WORK TO COMPLETE: Output the entries that follow character for character. Leave every image out.

DATA RECORDS:
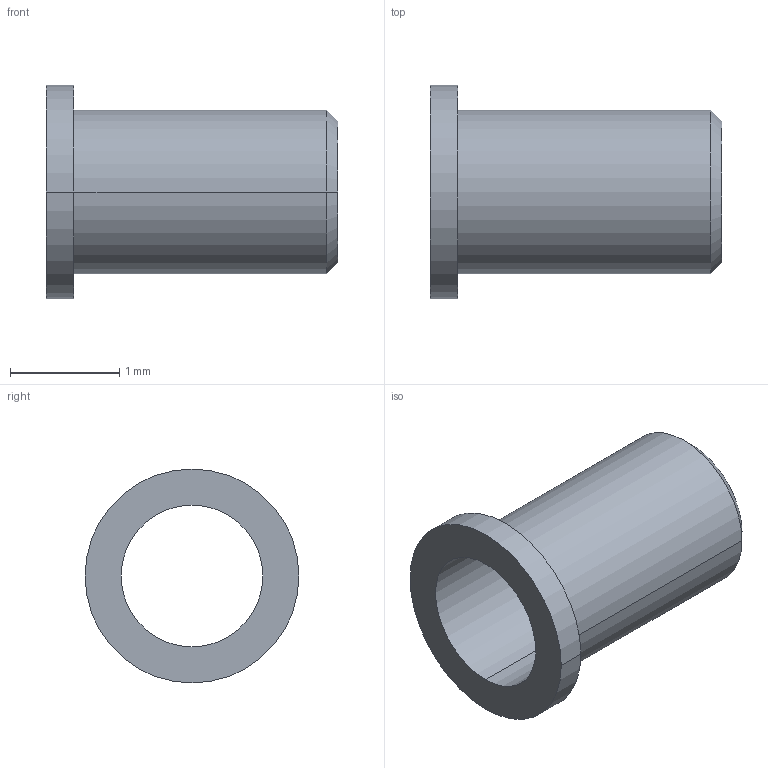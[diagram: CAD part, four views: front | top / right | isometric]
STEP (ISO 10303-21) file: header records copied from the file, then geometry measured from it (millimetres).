
FILE_DESCRIPTION (( 'STEP AP214' ), '1' );
FILE_NAME ('7F9EA8B2-F061-484D-B2E0-383F7383F7B5.STEP', '2022-07-18T12:15:11', ( '' ), ( '' ), 'SwSTEP 2.0', 'SolidWorks 2022', '' );
FILE_SCHEMA (( 'AUTOMOTIVE_DESIGN' ));
Length unit declared in the file: inch
Products named in the file (1): 7F9EA8B2-F061-484D-B2E0-383F7383F7B5
Bounding box: 2.67 x 1.96 x 1.96 mm (x, y, z)
Volume: 1.5 mm3; surface area: 26.9 mm2
Topology: 1 solids, 1 shells, 10 faces, 22 edges, 14 vertices
Faces by surface type: cylinder 6, cone 2, plane 2
Entity records: 328 total; most frequent: DIRECTION 58, CARTESIAN_POINT 47, ORIENTED_EDGE 44, AXIS2_PLACEMENT_3D 25, EDGE_CURVE 22, CIRCLE 14, VERTEX_POINT 14, EDGE_LOOP 12
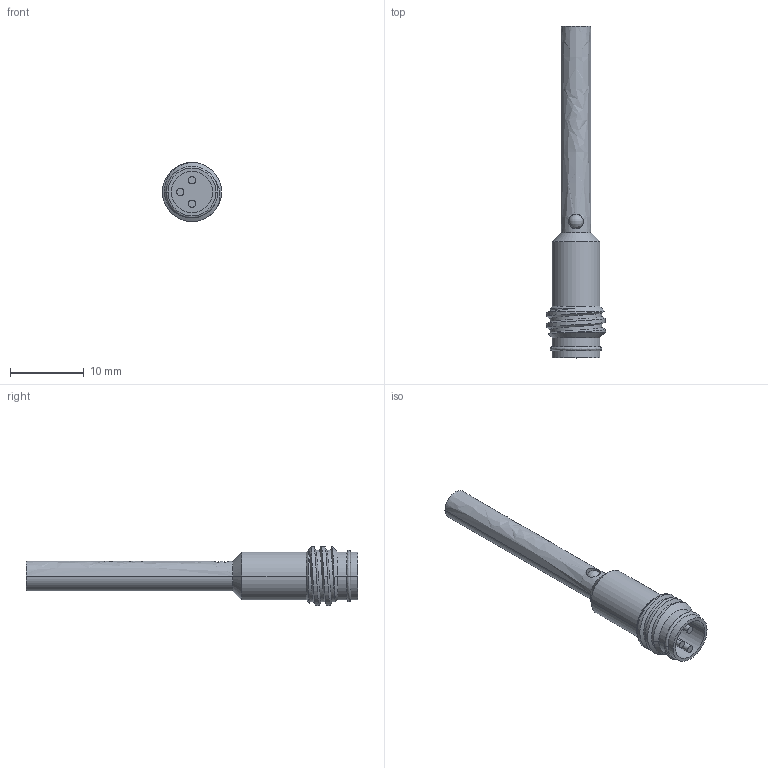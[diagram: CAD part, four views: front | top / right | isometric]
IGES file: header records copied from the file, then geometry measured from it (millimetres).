
Start section:  PTC IGES file: 153634.igs
Global section: file name: 153634.igs; native system: Pro/ENGINEER by Parametric Technology Corporation; preprocessor: 2009141; author: banengservice; organization: Unknown; date: 20110622.143213; units: inch
Bounding box: 8 x 45 x 8 mm (x, y, z)
Volume: 787.8 mm3; surface area: 1004.8 mm2
Topology: 1 solids, 1 shells, 40 faces, 91 edges, 56 vertices
Faces by surface type: revolution 31, bspline 9
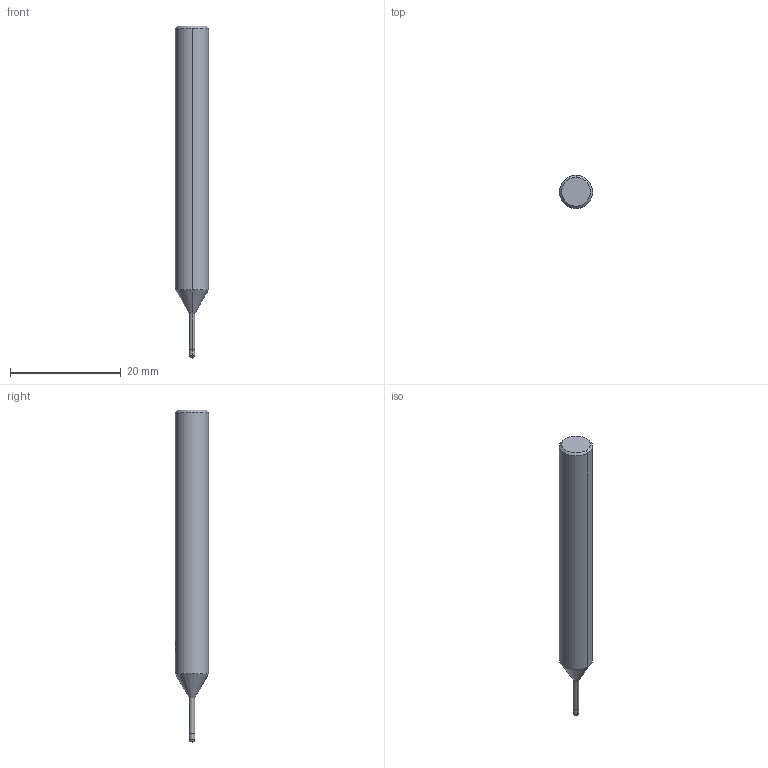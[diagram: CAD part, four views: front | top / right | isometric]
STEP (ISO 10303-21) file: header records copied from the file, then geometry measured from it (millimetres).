
FILE_DESCRIPTION(('no description'),'unknown implementation level');
FILE_NAME('solidlh_X7t9LOm1hkDe3brX18xo_vBs_1.STP',' ',('CIM GmbH Aachen'),('CADClick - KiM GmbH - www.kimweb.de'),'unknown preprocess','ACIS','unknown authorization');
FILE_SCHEMA(('automotive_design'));
Length unit declared in the file: millimetre
Products named in the file (2): 1; 2
Bounding box: 6 x 6 x 60 mm (x, y, z)
Volume: 1401.9 mm3; surface area: 1005.5 mm2
Topology: 2 solids, 2 shells, 30 faces, 76 edges, 46 vertices
Faces by surface type: cylinder 11, plane 11, cone 6, sphere 2
Entity records: 1960 total; most frequent: CARTESIAN_POINT 369, DIRECTION 154, STYLED_ITEM 150, PRESENTATION_STYLE_ASSIGNMENT 150, COLOUR_RGB 150, ORIENTED_EDGE 144, EDGE_CURVE 72, CURVE_STYLE 72
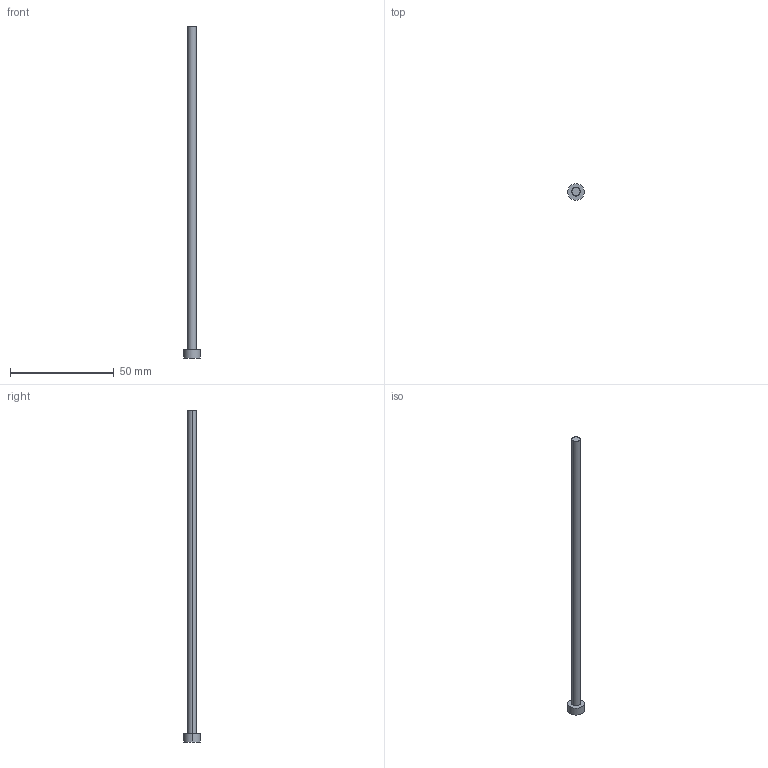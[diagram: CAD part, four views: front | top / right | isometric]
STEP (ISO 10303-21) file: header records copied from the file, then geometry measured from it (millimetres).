
FILE_DESCRIPTION (( 'STEP AP203' ), '1' );
FILE_NAME ('e28c.STEP', '2023-02-13T16:37:19', ( '' ), ( '' ), 'SwSTEP 2.0', 'SolidWorks 2019', '' );
FILE_SCHEMA (( 'CONFIG_CONTROL_DESIGN' ));
Length unit declared in the file: millimetre
Products named in the file (1): e28c
Bounding box: 8 x 8 x 160 mm (x, y, z)
Volume: 2161.4 mm3; surface area: 2161.4 mm2
Topology: 1 solids, 1 shells, 7 faces, 12 edges, 8 vertices
Faces by surface type: cylinder 4, plane 3
Entity records: 251 total; most frequent: DIRECTION 36, CARTESIAN_POINT 28, ORIENTED_EDGE 24, AXIS2_PLACEMENT_3D 16, EDGE_CURVE 12, VERTEX_POINT 8, CIRCLE 8, PERSON_AND_ORGANIZATION 8

SOLUTION FOR THIS PROBLEM:
[diagram: CAD part, four views: front | top / right | isometric]
STEP (ISO 10303-21) file: header records copied from the file, then geometry measured from it (millimetres).
FILE_DESCRIPTION (( 'STEP AP214' ), '1' );
FILE_NAME ('7F9EA8B2-F061-484D-B2E0-383F7383F7B5.STEP', '2022-07-18T12:15:11', ( '' ), ( '' ), 'SwSTEP 2.0', 'SolidWorks 2022', '' );
FILE_SCHEMA (( 'AUTOMOTIVE_DESIGN' ));
Length unit declared in the file: inch
Products named in the file (1): 7F9EA8B2-F061-484D-B2E0-383F7383F7B5
Bounding box: 2.67 x 1.96 x 1.96 mm (x, y, z)
Volume: 1.5 mm3; surface area: 26.9 mm2
Topology: 1 solids, 1 shells, 10 faces, 22 edges, 14 vertices
Faces by surface type: cylinder 6, cone 2, plane 2
Entity records: 328 total; most frequent: DIRECTION 58, CARTESIAN_POINT 47, ORIENTED_EDGE 44, AXIS2_PLACEMENT_3D 25, EDGE_CURVE 22, CIRCLE 14, VERTEX_POINT 14, EDGE_LOOP 12
[diagram: CAD part, four views: front | top / right | isometric]
IGES file: header records copied from the file, then geometry measured from it (millimetres).
Start section:  PTC IGES file: 153634.igs
Global section: file name: 153634.igs; native system: Pro/ENGINEER by Parametric Technology Corporation; preprocessor: 2009141; author: banengservice; organization: Unknown; date: 20110622.143213; units: inch
Bounding box: 8 x 45 x 8 mm (x, y, z)
Volume: 787.8 mm3; surface area: 1004.8 mm2
Topology: 1 solids, 1 shells, 40 faces, 91 edges, 56 vertices
Faces by surface type: revolution 31, bspline 9
[diagram: CAD part, four views: front | top / right | isometric]
STEP (ISO 10303-21) file: header records copied from the file, then geometry measured from it (millimetres).
FILE_DESCRIPTION(('no description'),'unknown implementation level');
FILE_NAME('solidlh_X7t9LOm1hkDe3brX18xo_vBs_1.STP',' ',('CIM GmbH Aachen'),('CADClick - KiM GmbH - www.kimweb.de'),'unknown preprocess','ACIS','unknown authorization');
FILE_SCHEMA(('automotive_design'));
Length unit declared in the file: millimetre
Products named in the file (2): 1; 2
Bounding box: 6 x 6 x 60 mm (x, y, z)
Volume: 1401.9 mm3; surface area: 1005.5 mm2
Topology: 2 solids, 2 shells, 30 faces, 76 edges, 46 vertices
Faces by surface type: cylinder 11, plane 11, cone 6, sphere 2
Entity records: 1960 total; most frequent: CARTESIAN_POINT 369, DIRECTION 154, STYLED_ITEM 150, PRESENTATION_STYLE_ASSIGNMENT 150, COLOUR_RGB 150, ORIENTED_EDGE 144, EDGE_CURVE 72, CURVE_STYLE 72
[diagram: CAD part, four views: front | top / right | isometric]
STEP (ISO 10303-21) file: header records copied from the file, then geometry measured from it (millimetres).
FILE_DESCRIPTION (( 'STEP AP203' ), '1' );
FILE_NAME ('e28c.STEP', '2023-02-13T16:37:19', ( '' ), ( '' ), 'SwSTEP 2.0', 'SolidWorks 2019', '' );
FILE_SCHEMA (( 'CONFIG_CONTROL_DESIGN' ));
Length unit declared in the file: millimetre
Products named in the file (1): e28c
Bounding box: 8 x 8 x 160 mm (x, y, z)
Volume: 2161.4 mm3; surface area: 2161.4 mm2
Topology: 1 solids, 1 shells, 7 faces, 12 edges, 8 vertices
Faces by surface type: cylinder 4, plane 3
Entity records: 251 total; most frequent: DIRECTION 36, CARTESIAN_POINT 28, ORIENTED_EDGE 24, AXIS2_PLACEMENT_3D 16, EDGE_CURVE 12, VERTEX_POINT 8, CIRCLE 8, PERSON_AND_ORGANIZATION 8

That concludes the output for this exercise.